Ten Resolutions to Make 2009 a Better E-mail Year

Any of these resolutions will help you get your e-mail efforts back on track in the coming year.

Maybe the best thing we can say about 2008 is that it’s over today. Was it a dismal year for you and your e-mail program? There’s no time like the present to resolve to do better, starting tomorrow.

If you don’t know where to start, any one of the resolutions on the list below will help you get your e-mail efforts back on track in the coming year.

Need more information to help understand any of them? Most of these resolutions come with a link to advice in a related ClickZ column. Nothing could be easier, and after you celebrate tonight, maybe that’s the best gift of all.

Here are the top 10 resolutions for e-mail marketers:

I Will Listen to Feedback

Feedback helps build better programs. When you understand what your audience wants, and what they don’t, you can deliver on those items.

These initiatives will generate more feedback. Don’t forget, though, to read what people tell you, and to respond:

  • Sign up for all ISP feedback-loop sources.
  • Monitor replies to inboxes, even those you tell readers not to e-mail.
  • Solicit and read reader comments.
  • Send surveys for direct comments on specific topics.

More information, go here.

I Will Give My Subscribers More Control Over What They Receive

Subscribers engage better when they get the e-mail they want. How to achieve this?

  • Provide meaningful choices during the subscription process (avoid all conjunctions).
  • Use a preference center to make personalization or customization easier.
  • Collect only data you need to complete the process at opt-in. If you want additional information beyond a name and e-mail address, explain why you need it and why your subscriber should give it to you (birth date for special savings, street address as a back-up, Zip code for finding a nearby store). Collect it later, such as during the welcome period. Keep it optional, too.

I Will Monitor More Than Open/Click-Through Rates/Revenue

Measurability is e-mail’s great advantage over other channels, but you have to measure the negative as well as the positive to get a true picture about how your e-mail program is doing.
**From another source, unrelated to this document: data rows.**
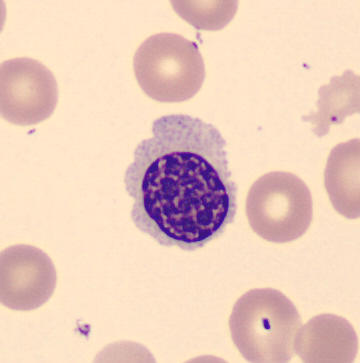{"cell_type": "nucleated red cell", "lineage": "erythroid"}
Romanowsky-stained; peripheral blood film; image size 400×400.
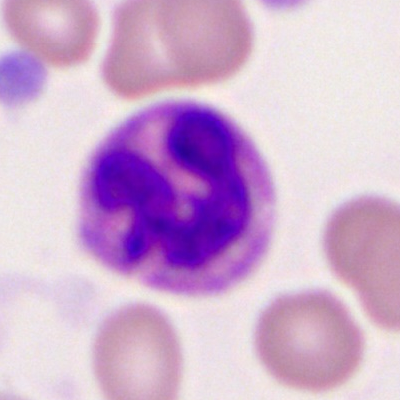A polymorphonuclear neutrophil.
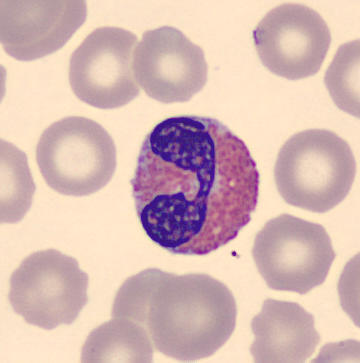 Q: Identify the cell.
A: Eosinophilic granulocyte.
Peripheral blood film.
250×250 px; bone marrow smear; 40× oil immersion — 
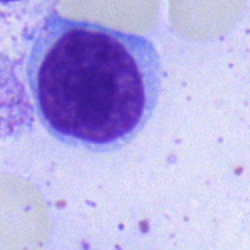 Morphology → lymphocyte.
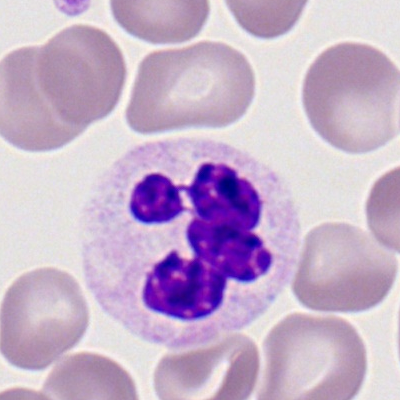

Cell — polymorphonuclear neutrophil.
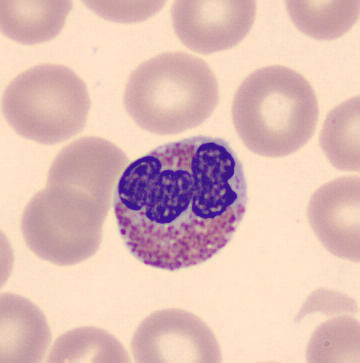Specimen: peripheral blood film.
Classification: eosinophil.
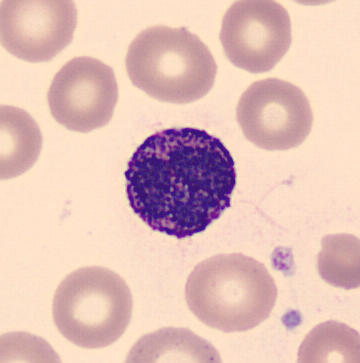 360×363 px; peripheral blood film.
Identified as a basophilic granulocyte.
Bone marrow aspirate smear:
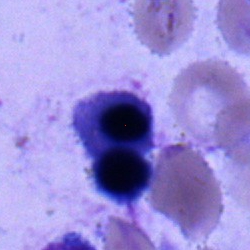

Morphological class — nucleated red blood cell.
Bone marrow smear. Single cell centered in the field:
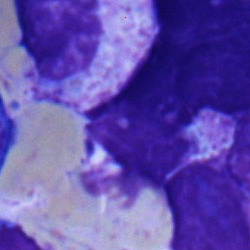Single cell identified as a myelocyte.
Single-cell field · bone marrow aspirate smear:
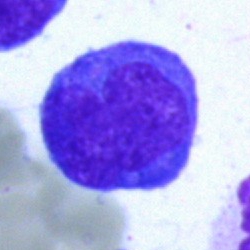Q: What cell is this?
A: A blast cell.
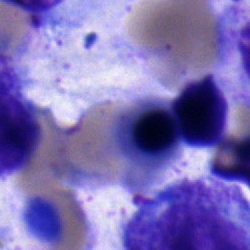The classification is nucleated red blood cell.
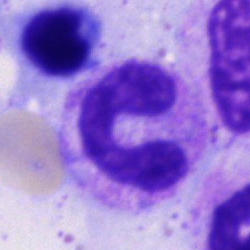 Morphology → stab cell.
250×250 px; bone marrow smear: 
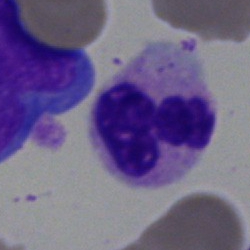

Impression → neutrophil (segmented).
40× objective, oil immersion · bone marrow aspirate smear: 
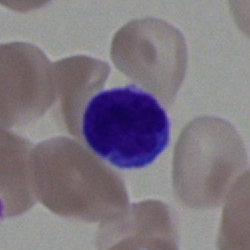Cell — lymphocyte.
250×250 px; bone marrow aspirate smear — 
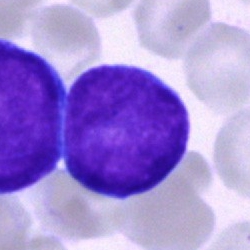

Blast.
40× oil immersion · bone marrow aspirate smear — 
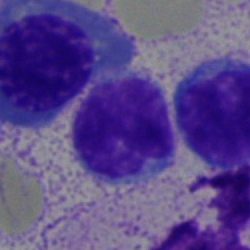 Q: What type of cell is this?
A: A typical lymphocyte.
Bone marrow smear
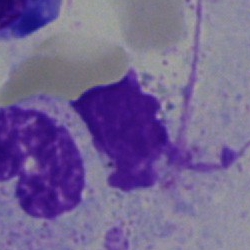Single cell identified as an artefact.
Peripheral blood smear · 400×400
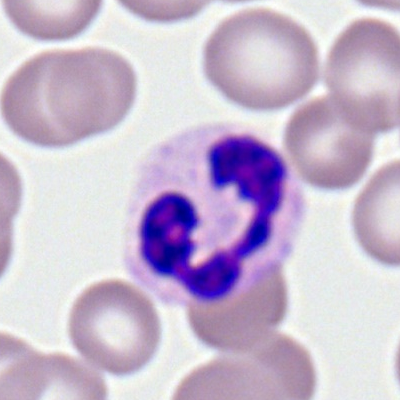
Morphology → polymorphonuclear neutrophil.
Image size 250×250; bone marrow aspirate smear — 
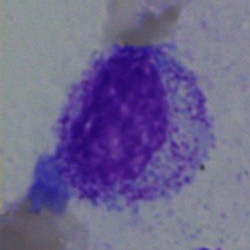Morphology consistent with a myelocyte.
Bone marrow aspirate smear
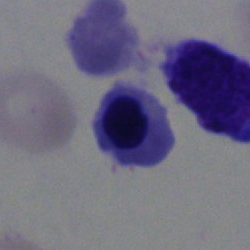 This is a normoblast.
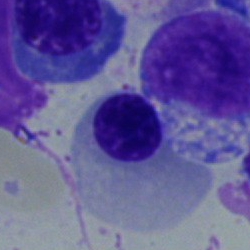 Morphology → nucleated red cell.
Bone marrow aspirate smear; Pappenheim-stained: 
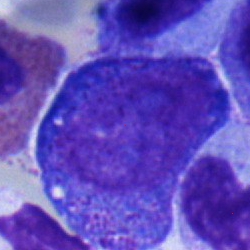Morphological class: promyelocyte.
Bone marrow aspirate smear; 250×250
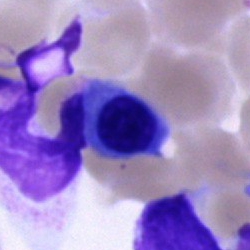 The cell type is unidentifiable cell.
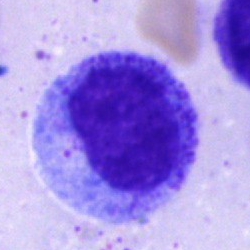

Classification = progranulocyte.
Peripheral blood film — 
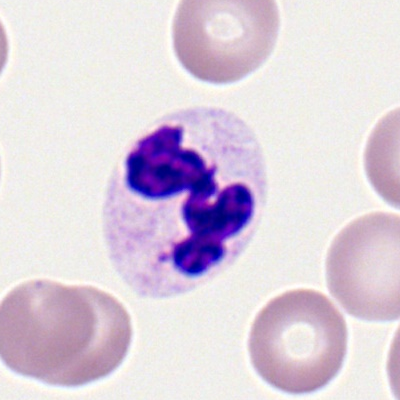Morphology → segmented neutrophil.
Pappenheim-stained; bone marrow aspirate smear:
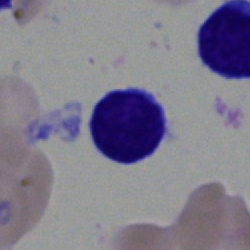

Q: Identify the cell.
A: This is a lymphocyte.
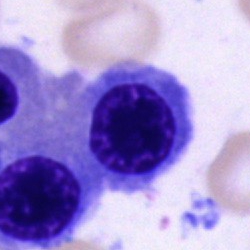Impression — erythroblast.
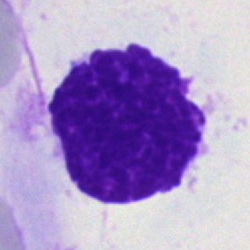 Classification: artefact.
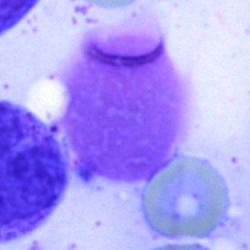The cell shown is an artefact.
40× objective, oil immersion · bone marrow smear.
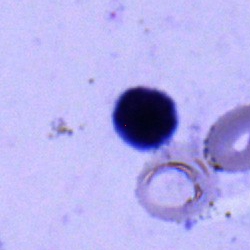Q: Which cell type is shown here?
A: This is a lymphocyte.
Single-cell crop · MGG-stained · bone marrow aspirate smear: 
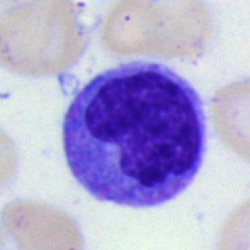Single cell identified as a monocyte.
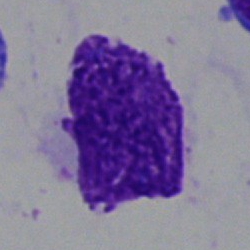Artifact.
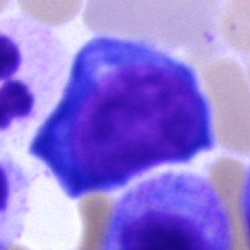The cell type is proerythroblast.
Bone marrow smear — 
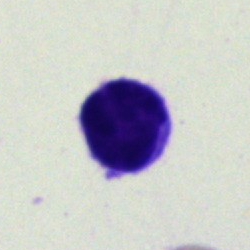This is a lymphocyte.
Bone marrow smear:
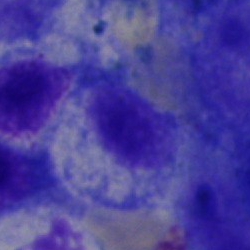The cell type is artefact.
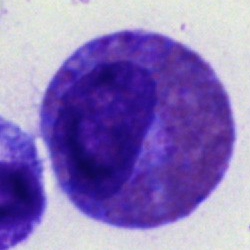 Bone marrow aspirate smear, single cell — eosinophil.
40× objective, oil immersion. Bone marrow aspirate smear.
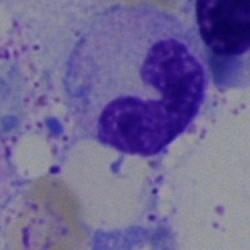

Morphology → neutrophil (segmented).
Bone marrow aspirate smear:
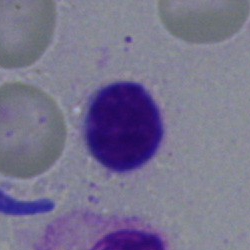Showing a lymphocyte.
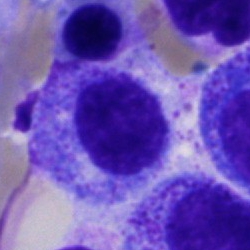Cell — myelocyte.
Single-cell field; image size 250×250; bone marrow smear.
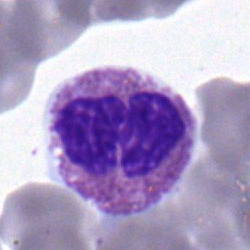 Impression → eosinophil.
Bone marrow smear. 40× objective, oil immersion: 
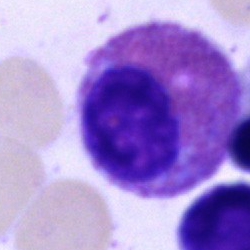
Cell = eosinophilic granulocyte.
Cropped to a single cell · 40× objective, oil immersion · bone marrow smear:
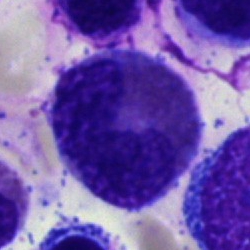Q: Identify the cell.
A: This is an eosinophilic granulocyte.
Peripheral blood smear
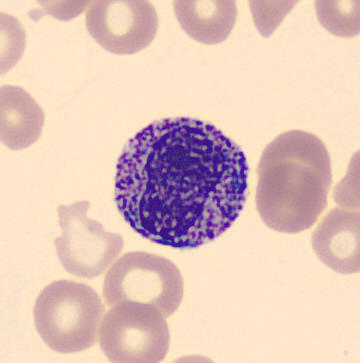Q: What is shown here?
A: Myelocyte.
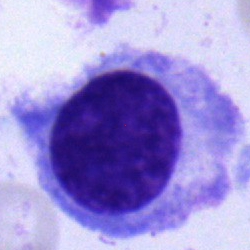
Q: Identify the cell.
A: A plasmacyte.
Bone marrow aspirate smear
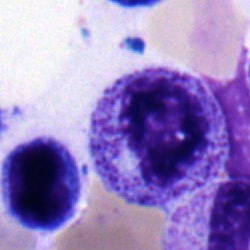
The cell shown is a myelocyte.
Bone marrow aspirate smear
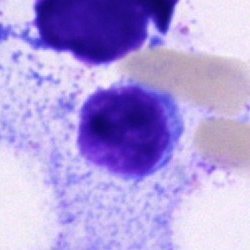
Q: Identify the cell.
A: Typical lymphocyte.
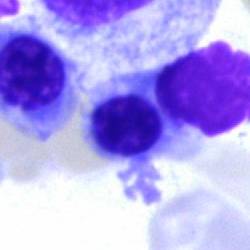
The cell type is nucleated red blood cell.
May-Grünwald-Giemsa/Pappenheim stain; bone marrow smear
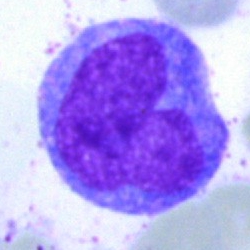 Morphological class: monocyte.
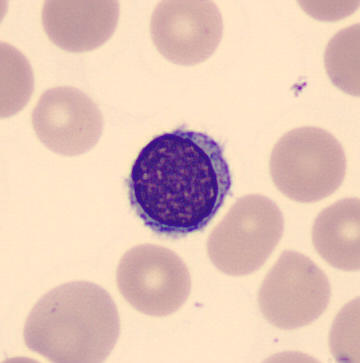Preparation: Peripheral blood film · CellaVision DM96 digital cell image.

Showing a lymphocyte.
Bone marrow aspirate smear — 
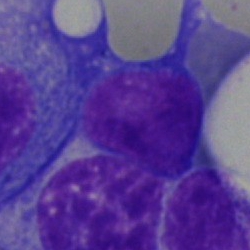Showing a lymphocyte.
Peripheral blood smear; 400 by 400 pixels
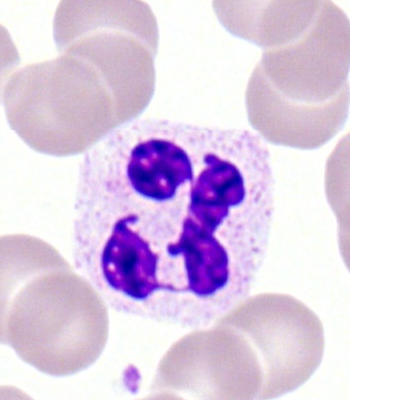

Showing a segmented neutrophil.
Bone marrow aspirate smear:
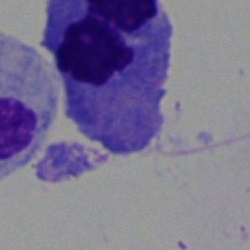Specimen: bone marrow aspirate smear.
Classification: artifact.
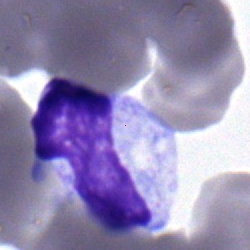The cell type is monocyte.
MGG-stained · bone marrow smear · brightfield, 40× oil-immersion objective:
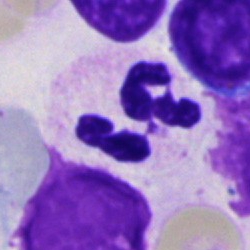

The morphological class is polymorphonuclear neutrophil.
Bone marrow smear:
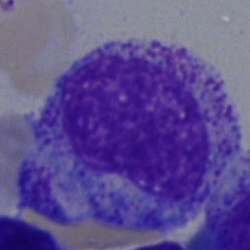 Q: What is the morphological classification of this cell?
A: Myelocyte.
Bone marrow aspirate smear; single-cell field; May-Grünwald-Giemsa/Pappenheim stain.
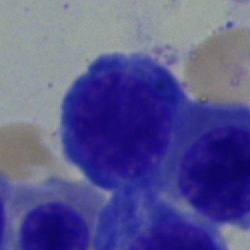The cell type is erythroblast.
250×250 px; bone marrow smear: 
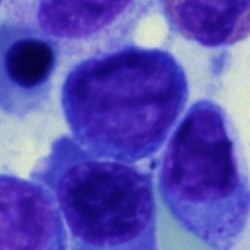 Q: What is shown here?
A: It is a lymphocyte.
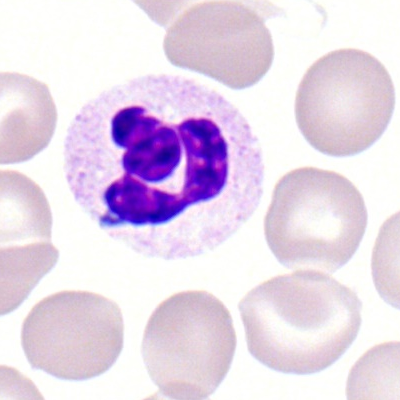
Q: What is shown here?
A: Segmented neutrophil.
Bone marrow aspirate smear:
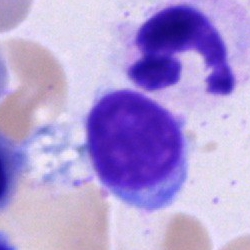
Specimen: bone marrow smear.
Cell: lymphocyte.
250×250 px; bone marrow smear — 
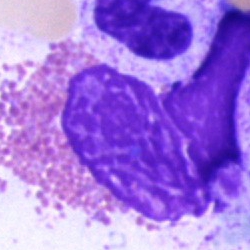 Morphology — eosinophilic granulocyte.
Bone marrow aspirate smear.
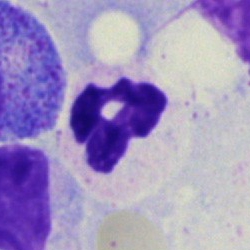 Specimen: bone marrow aspirate smear.
Cell: neutrophil (segmented).
Lineage: myeloid.
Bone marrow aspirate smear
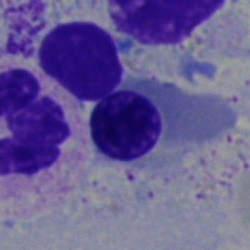This is a nucleated red blood cell.
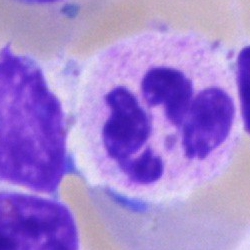
Specimen: bone marrow smear.
Cell: segmented neutrophil.
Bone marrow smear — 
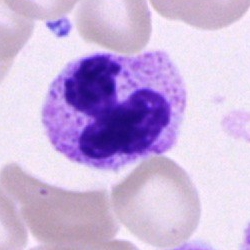

Single cell identified as a polymorphonuclear neutrophil.
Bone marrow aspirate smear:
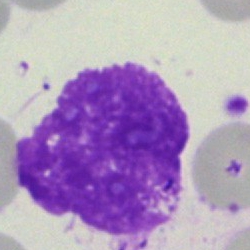
Morphological class = artefact.
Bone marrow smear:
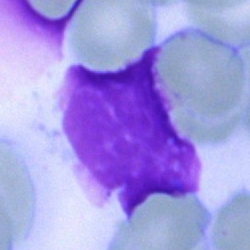The classification is artifact.
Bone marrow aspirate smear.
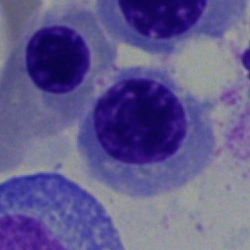Specimen: bone marrow smear.
Classification: erythroblast.
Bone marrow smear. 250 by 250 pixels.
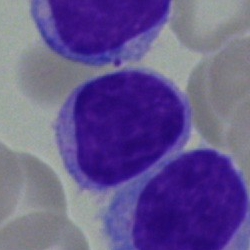 Cell type: lymphocyte.
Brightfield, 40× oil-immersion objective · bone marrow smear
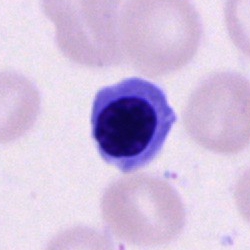 Specimen: bone marrow smear.
Cell: nucleated red blood cell.
Lineage: erythroid.
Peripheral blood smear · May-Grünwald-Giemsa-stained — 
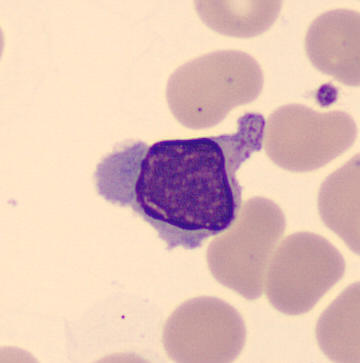 Typical lymphocyte.
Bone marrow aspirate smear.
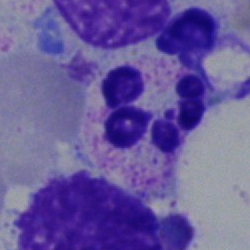Q: What cell is this?
A: Segmented neutrophil.
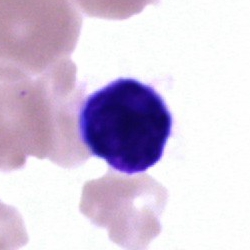 Cell = typical lymphocyte.
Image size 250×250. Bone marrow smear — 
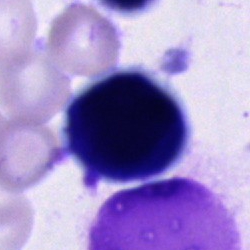
Q: What cell is this?
A: Cell of indeterminate lineage.
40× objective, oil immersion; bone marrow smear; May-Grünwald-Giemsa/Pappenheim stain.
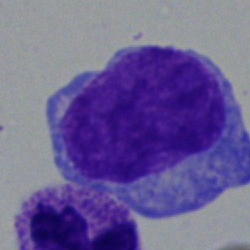 Cell: blast cell.
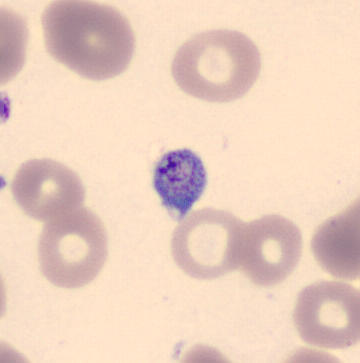Peripheral blood smear. Impression — platelet.
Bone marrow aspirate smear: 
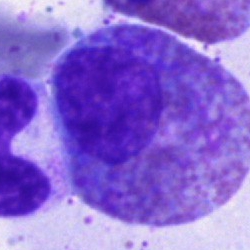
Q: What is shown here?
A: This is an eosinophil.
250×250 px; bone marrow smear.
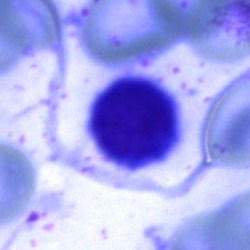
An unidentifiable cell.
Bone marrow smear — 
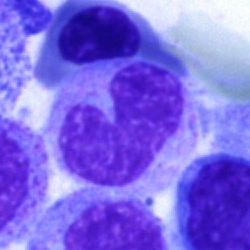
Q: Which cell type is shown here?
A: Band-form neutrophil.
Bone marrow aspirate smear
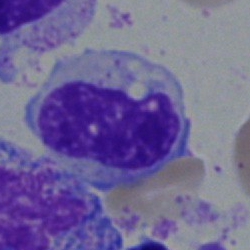 Showing a monocyte.
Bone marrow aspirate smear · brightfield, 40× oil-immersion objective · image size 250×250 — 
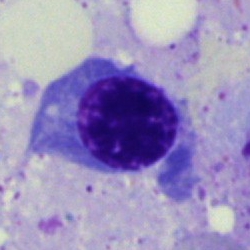
Morphology consistent with a nucleated red cell.
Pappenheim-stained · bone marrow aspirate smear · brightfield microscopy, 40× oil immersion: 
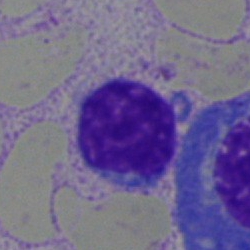
Single cell identified as a typical lymphocyte.
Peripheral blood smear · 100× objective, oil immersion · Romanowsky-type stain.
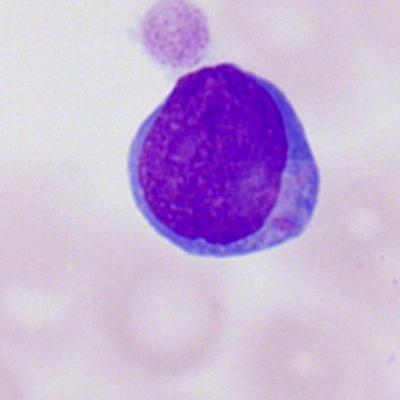
Showing a myeloblast.
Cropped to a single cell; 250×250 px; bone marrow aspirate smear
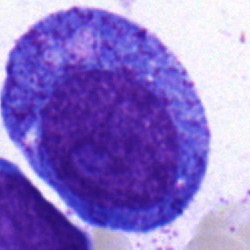 Morphology consistent with a progranulocyte.
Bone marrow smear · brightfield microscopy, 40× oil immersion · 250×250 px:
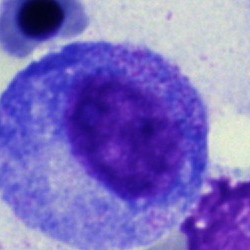This is a promyelocyte.
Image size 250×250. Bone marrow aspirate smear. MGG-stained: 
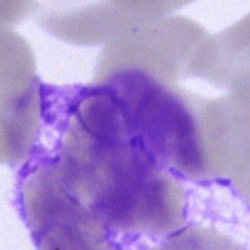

Track unsubscribes, bounces, and spam complaints as well as open and click rates. Optimize your entire program from opt-in to opt-out and all the actions in between.

I Will Practice More Segmentation for Increased Relevance

Set aside one day a month as “segmentation day,” where your goal is to “do incrementally better e-mail.” Don’t overhaul your program. Instead, make small changes that add up over time.

For example, identify a subset of your list and tell an incrementally better story to it. You shouldn’t need complex data integrations. It can be as simple as dynamically changing a graphic or offer based on a profile field or click behavior.

For more information, here.

I Will Practice Good List Hygiene and Trim Inactives

Optimize your sign-up process to collect more accurate data. Accept that recipients tune out after a while and no longer want to receive e-mails but won’t act to unsubscribe. When addresses go dormant for longer than six months, let them go.

For more information, go here.

I Will Pay Attention to the ISPs

Visit ISP postmaster sites regularly to learn about changes that affect delivery and get information to make you a better e-mail marketer. Knowing that AOL plans to change its report cards, and what those changes mean, can reduce your anxiety if you suddenly get an unfamiliar notice about your e-mails.

For more information, go here.

I Will Work to Send Great Content

Not “great” as in “exciting,” although that would be nice. Instead, write content that works: no broken links, correct spelling, punctuation, and word use and images used properly. Content filters are not your key challenge. It is what readers think of your content and how they act on it.

For more information, go here.

I Will Make it Easy for Recipients to Know Who I Am

While authentication helps ISPs, it happens behind the scenes. Here, you want recipients to recognize you immediately in the inbox. No, simply having it in the “from” line is not enough.

More information, go here.

I Will Be More Careful About Whose E-mail Efforts I Emulate

Everybody does it: assume that companies with top brands, or brands we admire, also do e-mail marketing right. So, we copy what they do. However, you don’t actually know if an initiative worked or if their goals match yours. Honestly, most of them aren’t doing great e-mail, either.

For more information, go here.

I Will Banish the Word “Blast” From my Vocabulary

This is a pet peeve among e-mail veterans. When we continue to use this word, it means we pay no respect to our programs or the thought we have put into segmentation and relevance. We simply want to send the message and move on. For every one of the items on this list, this is one every single reader can make happen, no more excuses.